◆ THE DATA

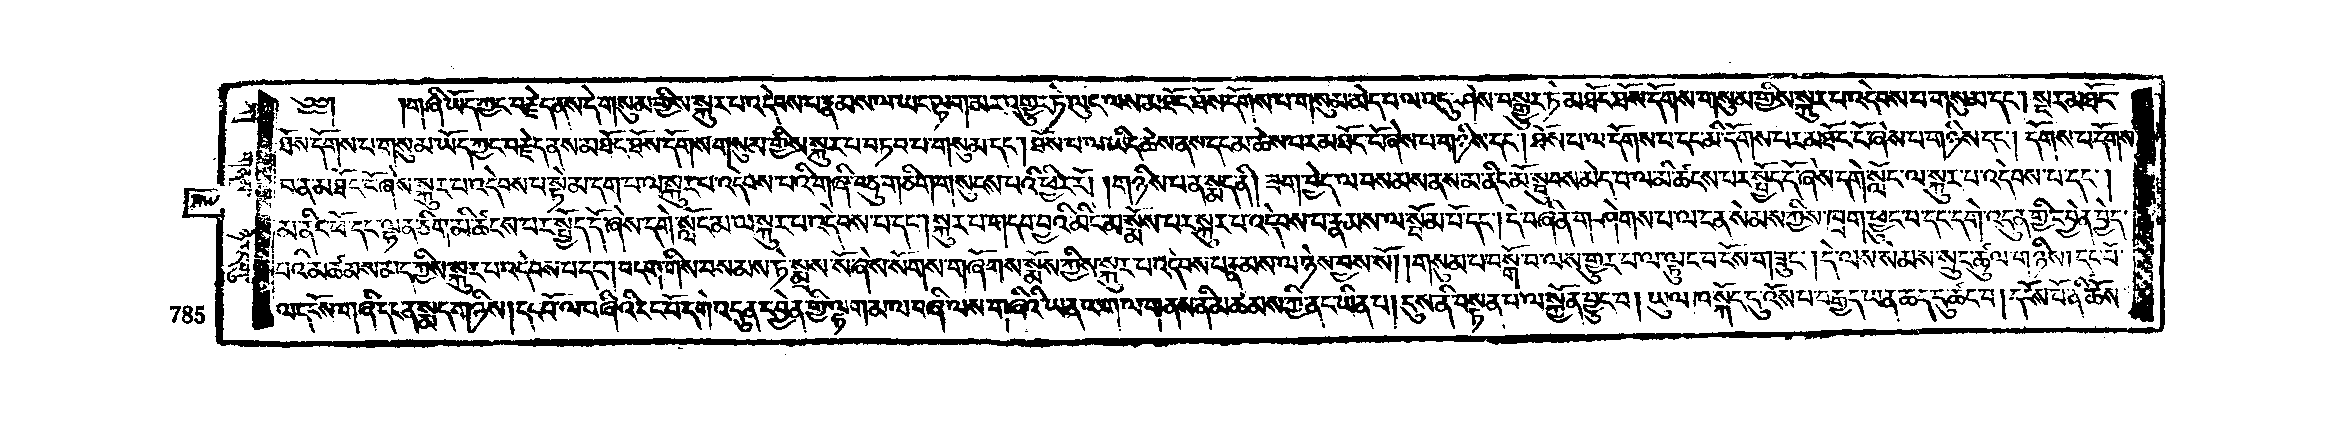༄༅། །གཞི་ཡོད་ཀྱང་བརྗེད་ནས་དེ་གསུམ་གྱིས་སྐུར་པ་འདེབས་པ་རྣམས་ལ་ཡང་ལྷག་མར་འགྱུར་ཏེ་ལུང་ལས་མཐོང་ཐོས་དོགས་པ་གསུམ་མེད་པ་ལ་འདུ་ཤེས་བསྒྱུར་ཏེ་མཐོང་ཐོས་དོགས་གསུམ་གྱིས་སྐུར་པ་འདེབས་པ་གསུམ་དང་། སྔར་མཐོང་
ཐོས་དོགས་པ་གསུམ་ཡོད་ཀྱང་བརྗེད་ནས་མཐོང་ཐོས་དོགས་གསུམ་གྱིས་སྐུར་པ་བཏབ་པ་གསུམ་དང་། ཐོས་པ་ལ་ཡིད་ཆེས་ནས་དང་མ་ཆེས་པར་མཐོང་ངོ་ཞེས་པ་གཉིས་དང་། ཐོས་པ་ལ་དོགས་པ་དང་མི་དོགས་པར་མཐོང་ངོ་ཞེས་པ་གཉིས་དང་། དོགས་པ་དོགས་
པ་ན་མཐོང་ངོ་ཞེས་སྐུར་པ་འདེབས་པ་སྟེ་མ་དག་པ་ལ་སྐུར་པ་འདེབས་པའི་གཞི་བཅུ་གཅིག་གསུངས་པའི་ཕྱིར་རོ། །གཉིས་པ་ན་སྨད་ནི། ཟག་བྱེད་ལ་བསམས་ནས་མ་ནིང་མོ་སྦུབས་མེད་པ་ལ་མི་ཚངས་པར་སྤྱོད་དོ་ཞེས་དགེ་སློང་ལ་སྐུར་པ་འདེབས་པ་དང་།
མ་ནིང་ཕོ་དང་ལྷན་ཅིག་མི་ཚངས་པར་སྤྱོད་དོ་ཞེས་དགེ་སློང་མ་ལ་སྐུར་པ་འདེབས་པ་དང་། སྐུར་པ་གདབ་བྱའི་མིང་མ་སྨོས་པར་སྐུར་པ་འདེབས་པ་རྣམས་ལ་སྦོམ་པོ་དང་། དེ་བཞིན་གཤེགས་པ་ལ་ངན་སེམས་ཀྱིས་ཁྲག་ཕྱུང་བ་དང་དགེ་འདུན་གྱི་དབྱེན་བྱེད་
པའི་མཚམས་མད་ཀྱིས་སྐུར་པ་འདེབས་པ་དང་། བདག་གིས་བསམས་ཏེ་སྨྲས་སོ་ཞེས་སོགས་གཞོགས་སྨོས་ཀྱིས་སྐུར་པ་འདེབས་པ་རྣམས་ལ་ཉེས་བྱས་སོ། །གསུམ་པ་བསྒོ་བ་ལས་གྱུར་པ་ལ་ལྟུང་བ་ངོས་གཟུང་། དེ་ལས་སེམས་སྲུང་ཚུལ་གཉིས། དང་པོ་
ལ་དངོས་གཞི་དང་ན་སྨད་གཉིས། དང་པོ་ལ་བཞིའི་དང་པོ་དགེ་འདུན་དབྱེན་གྱི་ལྷག་མ་ལ་བཞི་ལས་གཞིའི་ཡན་ལག་ལ་གནས་ནི་མཚམས་ཀྱི་ནང་ཡིན་པ། དུས་ནི་བསྟན་པ་ལ་སྐྱོན་བྱུང་བ། ཡུལ་ཁ་སྐོང་དུ་འོས་པ་བརྒྱད་ཡན་ཆད་དུ་ཚང་བ། དངོས་པོ་ནི་ཆོས་

◆ TASK REQUIREMENTS
Report each line of the records that holds the word "བསམས".

◆ FINAL ANSWER
པ་ན་མཐོང་ངོ་ཞེས་སྐུར་པ་འདེབས་པ་སྟེ་མ་དག་པ་ལ་སྐུར་པ་འདེབས་པའི་གཞི་བཅུ་གཅིག་གསུངས་པའི་ཕྱིར་རོ། །གཉིས་པ་ན་སྨད་ནི། ཟག་བྱེད་ལ་བསམས་ནས་མ་ནིང་མོ་སྦུབས་མེད་པ་ལ་མི་ཚངས་པར་སྤྱོད་དོ་ཞེས་དགེ་སློང་ལ་སྐུར་པ་འདེབས་པ་དང་།
པའི་མཚམས་མད་ཀྱིས་སྐུར་པ་འདེབས་པ་དང་། བདག་གིས་བསམས་ཏེ་སྨྲས་སོ་ཞེས་སོགས་གཞོགས་སྨོས་ཀྱིས་སྐུར་པ་འདེབས་པ་རྣམས་ལ་ཉེས་བྱས་སོ། །གསུམ་པ་བསྒོ་བ་ལས་གྱུར་པ་ལ་ལྟུང་བ་ངོས་གཟུང་། དེ་ལས་སེམས་སྲུང་ཚུལ་གཉིས། དང་པོ་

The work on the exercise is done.